[[ RECORDS FOR THIS EXERCISE open ]]

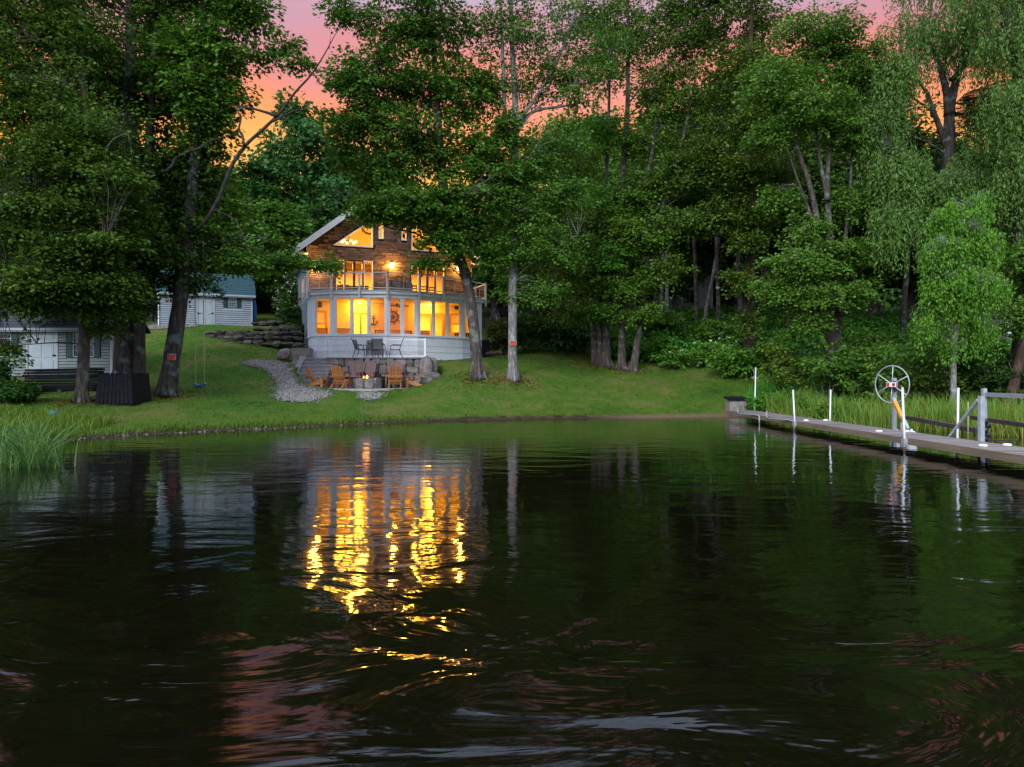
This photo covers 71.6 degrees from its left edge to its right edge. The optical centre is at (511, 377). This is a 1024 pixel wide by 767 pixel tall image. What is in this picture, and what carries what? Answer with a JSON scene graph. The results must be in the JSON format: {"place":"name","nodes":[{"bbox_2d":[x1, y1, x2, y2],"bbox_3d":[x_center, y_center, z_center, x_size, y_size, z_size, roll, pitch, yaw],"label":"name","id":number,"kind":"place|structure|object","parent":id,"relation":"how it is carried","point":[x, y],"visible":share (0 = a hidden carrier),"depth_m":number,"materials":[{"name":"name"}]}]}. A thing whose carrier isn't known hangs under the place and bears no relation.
{"place":"outdoors","nodes":[
{"label":"outdoors","id":0,"kind":"place"},
{"bbox_2d":[0,0,1011,197],"label":"sky","id":1,"kind":"structure","parent":0,"point":[298,18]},
{"bbox_2d":[0,305,1021,440],"bbox_3d":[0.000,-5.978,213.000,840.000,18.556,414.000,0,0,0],"label":"ground","id":2,"kind":"structure","parent":0,"point":[446,367],"depth_m":31.53,"materials":[{"name":"green plant"}]},
{"bbox_2d":[0,356,22,385],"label":"shrub","id":3,"kind":"object","parent":2,"relation":"on","point":[4,370],"visible":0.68,"depth_m":25.36,"materials":[{"name":"green plant"}]},
{"bbox_2d":[0,373,44,403],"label":"shrub","id":4,"kind":"object","parent":2,"relation":"on","point":[11,392],"visible":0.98,"depth_m":23.71,"materials":[{"name":"green plant"}]},
{"bbox_2d":[0,402,119,438],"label":"tall grass","id":5,"kind":"structure","parent":2,"relation":"on","point":[58,418],"depth_m":20.89,"materials":[{"name":"green plant"}]},
{"bbox_2d":[22,368,104,392],"bbox_3d":[-17.174,0.178,27.296,2.735,1.104,1.196,0,0,-9],"label":"panel stack","id":6,"kind":"object","parent":2,"relation":"on","point":[42,375],"visible":0.51,"depth_m":26.93,"materials":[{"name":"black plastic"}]},
{"bbox_2d":[0,309,150,376],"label":"garden shed","id":7,"kind":"structure","parent":2,"relation":"on","point":[54,356],"depth_m":29.97,"materials":[{"name":"grey wood"}]},
{"bbox_2d":[27,330,55,374],"bbox_3d":[-19.859,-1.075,29.980,1.230,1.983,0.080,0,0,0],"label":"door","id":8,"kind":"structure","parent":7,"relation":"in","point":[44,355],"depth_m":29.97,"materials":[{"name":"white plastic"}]},
{"bbox_2d":[0,0,175,402],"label":"maple tree","id":9,"kind":"object","parent":2,"relation":"on","point":[87,166],"visible":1,"depth_m":22.62,"materials":[{"name":"green plant"}]},
{"bbox_2d":[0,0,231,373],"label":"oak tree","id":10,"kind":"object","parent":2,"relation":"on","point":[129,355],"visible":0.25,"depth_m":26.98,"materials":[{"name":"green plant"}]},
{"bbox_2d":[95,373,151,405],"bbox_3d":[-13.672,0.401,25.000,1.310,1.144,1.310,0,0,0],"label":"slatted bin","id":11,"kind":"object","parent":2,"relation":"on","point":[127,389],"visible":0.98,"depth_m":24.40,"materials":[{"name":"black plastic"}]},
{"bbox_2d":[102,172,222,320],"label":"background tree","id":12,"kind":"object","parent":2,"relation":"on","point":[153,302],"visible":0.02,"depth_m":45.91,"materials":[{"name":"green plant"}]},
{"bbox_2d":[155,271,255,325],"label":"blue roofed shed","id":13,"kind":"structure","parent":2,"relation":"on","point":[235,307],"depth_m":42.42,"materials":[{"name":"grey wood"}]},
{"bbox_2d":[197,295,213,324],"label":"door","id":14,"kind":"structure","parent":13,"relation":"in","point":[208,302],"depth_m":42.00,"materials":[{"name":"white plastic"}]},
{"bbox_2d":[155,167,258,273],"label":"background tree","id":15,"kind":"object","parent":2,"relation":"on","point":[221,244],"visible":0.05,"depth_m":49.55,"materials":[{"name":"green plant"}]},
{"bbox_2d":[0,410,439,438],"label":"bank grass","id":16,"kind":"structure","parent":2,"relation":"on","point":[271,422],"depth_m":23.37,"materials":[{"name":"green plant"}]},
{"bbox_2d":[123,0,347,397],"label":"oak tree","id":17,"kind":"object","parent":2,"relation":"on","point":[204,54],"visible":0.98,"depth_m":26.85,"materials":[{"name":"green plant"}]},
{"bbox_2d":[164,31,336,254],"bbox_3d":[-9.634,-8.651,26.535,6.358,8.296,1.009,0,0,0],"label":"dead limb","id":18,"kind":"object","parent":17,"relation":"attached to","point":[275,118],"visible":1,"depth_m":26.12,"materials":[{"name":"brown wood"}]},
{"bbox_2d":[204,320,304,346],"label":"rock wall","id":19,"kind":"structure","parent":2,"relation":"on","point":[277,334],"depth_m":38.45,"materials":[{"name":"grey stone"}]},
{"bbox_2d":[210,196,315,317],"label":"background tree","id":20,"kind":"object","parent":2,"relation":"on","point":[281,219],"visible":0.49,"depth_m":47.01,"materials":[{"name":"green plant"}]},
{"bbox_2d":[221,154,311,312],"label":"background tree","id":21,"kind":"object","parent":2,"relation":"on","point":[252,184],"visible":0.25,"depth_m":54.78,"materials":[{"name":"green plant"}]},
{"bbox_2d":[253,284,285,312],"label":"shrub","id":22,"kind":"object","parent":2,"relation":"on","point":[261,307],"visible":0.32,"depth_m":53.83,"materials":[{"name":"green plant"}]},
{"bbox_2d":[270,272,297,322],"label":"dogwood","id":23,"kind":"object","parent":2,"relation":"on","point":[290,293],"visible":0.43,"depth_m":45.06,"materials":[{"name":"green plant"}]},
{"bbox_2d":[271,293,301,326],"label":"shrub","id":24,"kind":"object","parent":2,"relation":"on","point":[291,311],"visible":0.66,"depth_m":42.11,"materials":[{"name":"green plant"}]},
{"bbox_2d":[236,358,337,402],"bbox_3d":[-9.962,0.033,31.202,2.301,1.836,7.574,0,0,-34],"label":"gravel path","id":25,"kind":"structure","parent":2,"relation":"on","point":[291,382],"depth_m":31.83,"materials":[{"name":"grey gravel"}]},
{"bbox_2d":[233,86,368,237],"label":"background tree","id":26,"kind":"object","parent":2,"relation":"on","point":[305,138],"visible":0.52,"depth_m":56.19,"materials":[{"name":"green plant"}]},
{"bbox_2d":[287,348,334,387],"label":"stone steps","id":27,"kind":"structure","parent":2,"relation":"on","point":[302,359],"depth_m":34.33,"materials":[{"name":"grey stone"}]},
{"bbox_2d":[290,198,338,254],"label":"background tree","id":28,"kind":"object","parent":2,"relation":"on","point":[322,212],"visible":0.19,"depth_m":53.23,"materials":[{"name":"green plant"}]},
{"bbox_2d":[286,144,372,222],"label":"background tree","id":29,"kind":"object","parent":2,"relation":"on","point":[344,202],"visible":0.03,"depth_m":59.59,"materials":[{"name":"green plant"}]},
{"bbox_2d":[325,388,404,390],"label":"patio","id":30,"kind":"structure","parent":2,"relation":"on","point":[366,389],"depth_m":30.90,"materials":[{"name":"grey stone"}]},
{"bbox_2d":[329,366,349,388],"bbox_3d":[-7.628,-0.006,31.399,0.755,1.012,1.102,0,0,8],"label":"adirondack chair","id":31,"kind":"object","parent":30,"relation":"on","point":[337,380],"visible":1,"depth_m":31.22,"materials":[{"name":"brown wood"}]},
{"bbox_2d":[351,375,381,388],"bbox_3d":[-6.650,0.215,32.393,1.402,0.665,1.379,0,0,0],"label":"fire pit","id":32,"kind":"object","parent":30,"relation":"on","point":[366,381],"visible":0.98,"depth_m":31.84,"materials":[{"name":"stone"}]},
{"bbox_2d":[326,357,422,387],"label":"retaining wall","id":33,"kind":"structure","parent":2,"relation":"on","point":[411,366],"depth_m":34.45,"materials":[{"name":"stone"}]},
{"bbox_2d":[286,182,486,359],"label":"lake house","id":34,"kind":"structure","parent":2,"relation":"on","point":[376,262],"depth_m":39.28,"materials":[{"name":"white paint"}]},
{"bbox_2d":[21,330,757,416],"bbox_3d":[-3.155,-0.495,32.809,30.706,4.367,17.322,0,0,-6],"label":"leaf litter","id":35,"kind":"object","parent":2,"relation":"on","point":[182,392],"visible":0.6,"depth_m":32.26,"materials":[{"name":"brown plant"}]},
{"bbox_2d":[1,342,785,427],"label":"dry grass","id":36,"kind":"structure","parent":2,"relation":"on","point":[410,393],"depth_m":30.86,"materials":[{"name":"plant"}]},
{"bbox_2d":[312,0,543,381],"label":"maple tree","id":37,"kind":"object","parent":2,"relation":"on","point":[413,204],"visible":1,"depth_m":31.93,"materials":[{"name":"green plant"}]},
{"bbox_2d":[467,201,522,318],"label":"background tree","id":38,"kind":"object","parent":2,"relation":"on","point":[494,314],"visible":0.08,"depth_m":55.54,"materials":[{"name":"green plant"}]},
{"bbox_2d":[482,312,535,354],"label":"shrub","id":39,"kind":"object","parent":2,"relation":"on","point":[500,331],"visible":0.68,"depth_m":41.73,"materials":[{"name":"green plant"}]},
{"bbox_2d":[490,205,571,319],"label":"background tree","id":40,"kind":"object","parent":2,"relation":"on","point":[501,282],"visible":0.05,"depth_m":48.97,"materials":[{"name":"green plant"}]},
{"bbox_2d":[517,310,562,351],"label":"shrub","id":41,"kind":"object","parent":2,"relation":"on","point":[541,324],"visible":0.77,"depth_m":41.80,"materials":[{"name":"green plant"}]},
{"bbox_2d":[505,239,574,340],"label":"background tree","id":42,"kind":"object","parent":2,"relation":"on","point":[547,309],"visible":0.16,"depth_m":45.51,"materials":[{"name":"green plant"}]},
{"bbox_2d":[156,145,933,308],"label":"wood","id":43,"kind":"object","parent":2,"relation":"on","point":[896,293],"visible":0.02,"depth_m":65.94,"materials":[{"name":"green plant"}]},
{"bbox_2d":[464,0,633,382],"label":"birch tree","id":44,"kind":"object","parent":2,"relation":"on","point":[545,148],"visible":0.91,"depth_m":32.73,"materials":[{"name":"green plant"}]},
{"bbox_2d":[534,313,590,355],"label":"shrub","id":45,"kind":"object","parent":2,"relation":"on","point":[556,343],"visible":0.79,"depth_m":41.14,"materials":[{"name":"green plant"}]},
{"bbox_2d":[507,101,622,321],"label":"background tree","id":46,"kind":"object","parent":2,"relation":"on","point":[549,115],"visible":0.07,"depth_m":50.93,"materials":[{"name":"green plant"}]},
{"bbox_2d":[550,316,596,354],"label":"shrub","id":47,"kind":"object","parent":2,"relation":"on","point":[583,341],"visible":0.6,"depth_m":41.19,"materials":[{"name":"green plant"}]},
{"bbox_2d":[535,120,625,364],"bbox_3d":[3.412,-7.482,38.605,5.252,13.713,5.295,0,0,-30],"label":"lawn tree","id":48,"kind":"object","parent":2,"relation":"on","point":[579,282],"visible":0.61,"depth_m":37.89,"materials":[{"name":"green plant"}]},
{"bbox_2d":[556,104,643,303],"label":"background tree","id":49,"kind":"object","parent":2,"relation":"on","point":[600,118],"visible":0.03,"depth_m":59.10,"materials":[{"name":"green plant"}]},
{"bbox_2d":[566,26,655,365],"bbox_3d":[5.343,-9.969,38.660,4.928,18.820,5.970,0,0,0],"label":"lawn tree","id":50,"kind":"object","parent":2,"relation":"on","point":[605,260],"visible":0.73,"depth_m":38.23,"materials":[{"name":"green plant"}]},
{"bbox_2d":[585,328,645,358],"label":"shrub","id":51,"kind":"object","parent":2,"relation":"on","point":[629,342],"visible":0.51,"depth_m":40.34,"materials":[{"name":"green plant"}]},
{"bbox_2d":[582,116,672,309],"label":"background tree","id":52,"kind":"object","parent":2,"relation":"on","point":[632,266],"visible":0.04,"depth_m":56.79,"materials":[{"name":"green plant"}]},
{"bbox_2d":[547,0,713,367],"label":"lawn tree","id":53,"kind":"object","parent":2,"relation":"on","point":[642,35],"visible":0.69,"depth_m":38.52,"materials":[{"name":"green plant"}]},
{"bbox_2d":[590,71,712,369],"bbox_3d":[7.345,-8.450,37.534,6.818,16.237,4.495,0,0,-25],"label":"lawn tree","id":54,"kind":"object","parent":2,"relation":"on","point":[631,288],"visible":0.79,"depth_m":37.21,"materials":[{"name":"green plant"}]},
{"bbox_2d":[599,110,703,310],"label":"tree","id":55,"kind":"object","parent":2,"relation":"on","point":[661,288],"visible":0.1,"depth_m":49.94,"materials":[{"name":"green plant"}]},
{"bbox_2d":[626,328,683,361],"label":"shrub","id":56,"kind":"object","parent":2,"relation":"on","point":[648,349],"visible":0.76,"depth_m":39.39,"materials":[{"name":"green plant"}]},
{"bbox_2d":[609,114,701,318],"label":"tree","id":57,"kind":"object","parent":2,"relation":"on","point":[666,283],"visible":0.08,"depth_m":48.88,"materials":[{"name":"green plant"}]},
{"bbox_2d":[631,300,697,337],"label":"shrub","id":58,"kind":"object","parent":2,"relation":"on","point":[678,319],"visible":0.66,"depth_m":43.59,"materials":[{"name":"green plant"}]},
{"bbox_2d":[650,343,695,370],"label":"flowering shrub","id":59,"kind":"object","parent":2,"relation":"on","point":[673,359],"visible":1,"depth_m":37.37,"materials":[{"name":"green plant"}]},
{"bbox_2d":[650,327,700,357],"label":"shrub","id":60,"kind":"object","parent":2,"relation":"on","point":[688,341],"visible":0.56,"depth_m":39.32,"materials":[{"name":"green plant"}]},
{"bbox_2d":[630,233,728,309],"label":"background tree","id":61,"kind":"object","parent":2,"relation":"on","point":[687,278],"visible":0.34,"depth_m":53.36,"materials":[{"name":"green plant"}]},
{"bbox_2d":[634,107,730,324],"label":"tree","id":62,"kind":"object","parent":2,"relation":"on","point":[696,302],"visible":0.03,"depth_m":47.89,"materials":[{"name":"green plant"}]},
{"bbox_2d":[653,256,712,309],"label":"neighbour house","id":63,"kind":"structure","parent":2,"relation":"on","point":[702,294],"depth_m":57.85,"materials":[{"name":"white paint"}]},
{"bbox_2d":[627,0,753,371],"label":"lawn tree","id":64,"kind":"object","parent":2,"relation":"on","point":[691,224],"visible":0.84,"depth_m":37.04,"materials":[{"name":"green plant"}]},
{"bbox_2d":[652,104,744,322],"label":"tree","id":65,"kind":"object","parent":2,"relation":"on","point":[718,305],"visible":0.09,"depth_m":45.93,"materials":[{"name":"green plant"}]},
{"bbox_2d":[652,57,757,311],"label":"background tree","id":66,"kind":"object","parent":2,"relation":"on","point":[731,260],"visible":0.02,"depth_m":55.49,"materials":[{"name":"green plant"}]},
{"bbox_2d":[682,337,739,366],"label":"flowering shrub","id":67,"kind":"object","parent":2,"relation":"on","point":[702,348],"visible":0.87,"depth_m":37.17,"materials":[{"name":"green plant"}]},
{"bbox_2d":[666,102,765,324],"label":"tree","id":68,"kind":"object","parent":2,"relation":"on","point":[706,309],"visible":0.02,"depth_m":46.90,"materials":[{"name":"green plant"}]},
{"bbox_2d":[678,314,756,346],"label":"shrub","id":69,"kind":"object","parent":2,"relation":"on","point":[709,329],"visible":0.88,"depth_m":41.38,"materials":[{"name":"green plant"}]},
{"bbox_2d":[665,103,785,335],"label":"tree","id":70,"kind":"object","parent":2,"relation":"on","point":[740,303],"visible":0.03,"depth_m":43.95,"materials":[{"name":"green plant"}]},
{"bbox_2d":[723,396,746,414],"bbox_3d":[9.850,1.229,31.200,0.880,0.780,0.800,0,0,0],"label":"dock box","id":71,"kind":"object","parent":2,"relation":"on","point":[734,401],"visible":0.67,"depth_m":30.89,"materials":[{"name":"grey wood"}]},
{"bbox_2d":[702,345,770,380],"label":"shrub","id":72,"kind":"object","parent":2,"relation":"on","point":[734,364],"visible":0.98,"depth_m":34.59,"materials":[{"name":"green plant"}]},
{"bbox_2d":[671,0,829,371],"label":"ivy tree","id":73,"kind":"object","parent":2,"relation":"on","point":[747,168],"visible":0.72,"depth_m":35.65,"materials":[{"name":"green plant"}]},
{"bbox_2d":[518,302,1011,380],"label":"undergrowth","id":74,"kind":"object","parent":2,"relation":"on","point":[891,320],"visible":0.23,"depth_m":41.99,"materials":[{"name":"green plant"}]},
{"bbox_2d":[742,327,790,380],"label":"shrub","id":75,"kind":"object","parent":2,"relation":"on","point":[768,358],"visible":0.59,"depth_m":34.38,"materials":[{"name":"green plant"}]},
{"bbox_2d":[743,384,795,410],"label":"shrub","id":76,"kind":"object","parent":2,"relation":"on","point":[761,399],"visible":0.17,"depth_m":30.07,"materials":[{"name":"green plant"}]},
{"bbox_2d":[752,341,819,392],"bbox_3d":[12.021,-0.179,31.134,2.695,2.934,2.674,0,0,0],"label":"shrub","id":77,"kind":"object","parent":2,"relation":"on","point":[785,376],"visible":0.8,"depth_m":30.85,"materials":[{"name":"green plant"}]},
{"bbox_2d":[715,109,861,335],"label":"tree","id":78,"kind":"object","parent":2,"relation":"on","point":[818,188],"visible":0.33,"depth_m":42.15,"materials":[{"name":"green plant"}]},
{"bbox_2d":[742,101,873,319],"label":"background tree","id":79,"kind":"object","parent":2,"relation":"on","point":[772,250],"visible":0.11,"depth_m":44.43,"materials":[{"name":"green plant"}]},
{"bbox_2d":[724,369,910,413],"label":"tall grass","id":80,"kind":"structure","parent":2,"relation":"on","point":[761,385],"depth_m":32.05,"materials":[{"name":"green plant"}]},
{"bbox_2d":[733,0,907,397],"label":"poplar clump","id":81,"kind":"object","parent":2,"relation":"on","point":[812,301],"visible":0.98,"depth_m":30.31,"materials":[{"name":"green plant"}]},
{"bbox_2d":[787,331,873,400],"bbox_3d":[13.259,-0.176,29.456,3.148,3.509,2.819,0,0,0],"label":"shrub","id":82,"kind":"object","parent":2,"relation":"on","point":[828,366],"visible":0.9,"depth_m":29.24,"materials":[{"name":"green plant"}]},
{"bbox_2d":[763,79,941,321],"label":"background tree","id":83,"kind":"object","parent":2,"relation":"on","point":[842,229],"visible":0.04,"depth_m":45.39,"materials":[{"name":"green plant"}]},
{"bbox_2d":[822,341,894,399],"bbox_3d":[14.325,-0.119,29.653,3.061,2.785,3.003,0,0,0],"label":"shrub","id":84,"kind":"object","parent":2,"relation":"on","point":[862,387],"visible":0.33,"depth_m":29.29,"materials":[{"name":"green plant"}]},
{"bbox_2d":[841,331,895,392],"bbox_3d":[15.227,-0.605,30.640,2.311,2.796,2.490,0,0,-27],"label":"shrub","id":85,"kind":"object","parent":2,"relation":"on","point":[866,340],"visible":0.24,"depth_m":30.24,"materials":[{"name":"green plant"}]},
{"bbox_2d":[808,100,941,325],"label":"background tree","id":86,"kind":"object","parent":2,"relation":"on","point":[874,308],"visible":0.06,"depth_m":45.26,"materials":[{"name":"green plant"}]},
{"bbox_2d":[837,201,936,325],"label":"background tree","id":87,"kind":"object","parent":2,"relation":"on","point":[912,288],"visible":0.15,"depth_m":43.69,"materials":[{"name":"green plant"}]},
{"bbox_2d":[848,343,927,408],"bbox_3d":[14.599,0.144,27.642,2.595,2.981,2.578,0,0,0],"label":"shrub","id":88,"kind":"object","parent":2,"relation":"on","point":[880,382],"visible":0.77,"depth_m":27.45,"materials":[{"name":"green plant"}]},
{"bbox_2d":[761,383,1023,436],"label":"reeds","id":89,"kind":"object","parent":2,"relation":"on","point":[948,409],"visible":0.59,"depth_m":24.00,"materials":[{"name":"green plant"}]},
{"bbox_2d":[840,88,971,343],"bbox_3d":[21.693,-8.326,38.487,7.472,13.303,6.333,0,0,-24],"label":"tree","id":90,"kind":"object","parent":2,"relation":"on","point":[931,139],"visible":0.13,"depth_m":37.87,"materials":[{"name":"green plant"}]},
{"bbox_2d":[850,0,1013,376],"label":"willow tree","id":91,"kind":"object","parent":2,"relation":"on","point":[905,178],"visible":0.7,"depth_m":29.97,"materials":[{"name":"green plant"}]},
{"bbox_2d":[899,328,971,407],"bbox_3d":[16.241,-0.312,27.189,2.630,3.425,2.717,0,0,0],"label":"shrub","id":92,"kind":"object","parent":2,"relation":"on","point":[932,382],"visible":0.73,"depth_m":27.07,"materials":[{"name":"green plant"}]},
{"bbox_2d":[907,189,1019,403],"bbox_3d":[15.810,-2.457,24.795,3.413,8.497,2.356,0,0,-22],"label":"willow sapling","id":93,"kind":"object","parent":2,"relation":"on","point":[956,257],"visible":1,"depth_m":24.68,"materials":[{"name":"green plant"}]},
{"bbox_2d":[929,330,1007,398],"bbox_3d":[18.032,-0.423,27.869,3.416,2.850,2.390,0,0,0],"label":"shrub","id":94,"kind":"object","parent":2,"relation":"on","point":[963,370],"visible":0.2,"depth_m":27.80,"materials":[{"name":"green plant"}]},
{"bbox_2d":[942,0,1023,389],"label":"willow tree","id":95,"kind":"object","parent":2,"relation":"on","point":[1008,113],"visible":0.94,"depth_m":27.40,"materials":[{"name":"green plant"}]},
{"bbox_2d":[957,344,1021,406],"bbox_3d":[17.867,-0.084,26.590,2.398,2.570,2.318,0,0,-18],"label":"shrub","id":96,"kind":"object","parent":2,"relation":"on","point":[990,368],"visible":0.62,"depth_m":26.41,"materials":[{"name":"green plant"}]},
{"bbox_2d":[963,353,1023,400],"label":"shrub","id":97,"kind":"object","parent":2,"relation":"on","point":[1004,374],"visible":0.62,"depth_m":25.49,"materials":[{"name":"green plant"}]},
{"bbox_2d":[985,237,1023,406],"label":"leaning tree","id":98,"kind":"object","parent":2,"relation":"on","point":[1016,335],"visible":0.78,"depth_m":25.61,"materials":[{"name":"green plant"}]},
{"bbox_2d":[992,245,1023,417],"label":"leaning tree","id":99,"kind":"object","parent":2,"relation":"on","point":[1013,385],"visible":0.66,"depth_m":24.98,"materials":[{"name":"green plant"}]},
{"bbox_2d":[0,417,1023,766],"bbox_3d":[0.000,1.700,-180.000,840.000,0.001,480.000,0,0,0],"label":"lake water","id":100,"kind":"structure","parent":0,"point":[706,591],"depth_m":5.43,"materials":[{"name":"black liquid"}]},
{"bbox_2d":[0,415,97,468],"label":"reeds","id":101,"kind":"object","parent":100,"relation":"in","point":[24,453],"visible":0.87,"depth_m":13.81,"materials":[{"name":"green plant"}]},
{"bbox_2d":[727,367,1023,463],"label":"dock","id":102,"kind":"object","parent":100,"relation":"in","point":[1008,452],"visible":0.88,"depth_m":16.84,"materials":[{"name":"wood"}]},
{"bbox_2d":[875,365,1023,442],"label":"lift","id":103,"kind":"object","parent":100,"relation":"in","point":[984,425],"visible":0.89,"depth_m":17.55,"materials":[{"name":"metal"}]},
{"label":"upper patio","id":104,"kind":"structure","parent":0,"visible":0},
{"bbox_2d":[319,338,425,356],"bbox_3d":[-6.914,-1.452,35.441,5.290,0.976,1.097,0,0,-2],"label":"patio railing","id":105,"kind":"object","parent":104,"relation":"on","point":[424,339],"visible":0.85,"depth_m":34.91,"materials":[{"name":"white metal"}]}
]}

[[ RECORDS FOR THIS EXERCISE closed ]]

TASK TO CARRY OUT:
If a line in the listing contains the string "outdoors", copy it.

TASK ANSWER:
{"place":"outdoors","nodes":[
{"label":"outdoors","id":0,"kind":"place"},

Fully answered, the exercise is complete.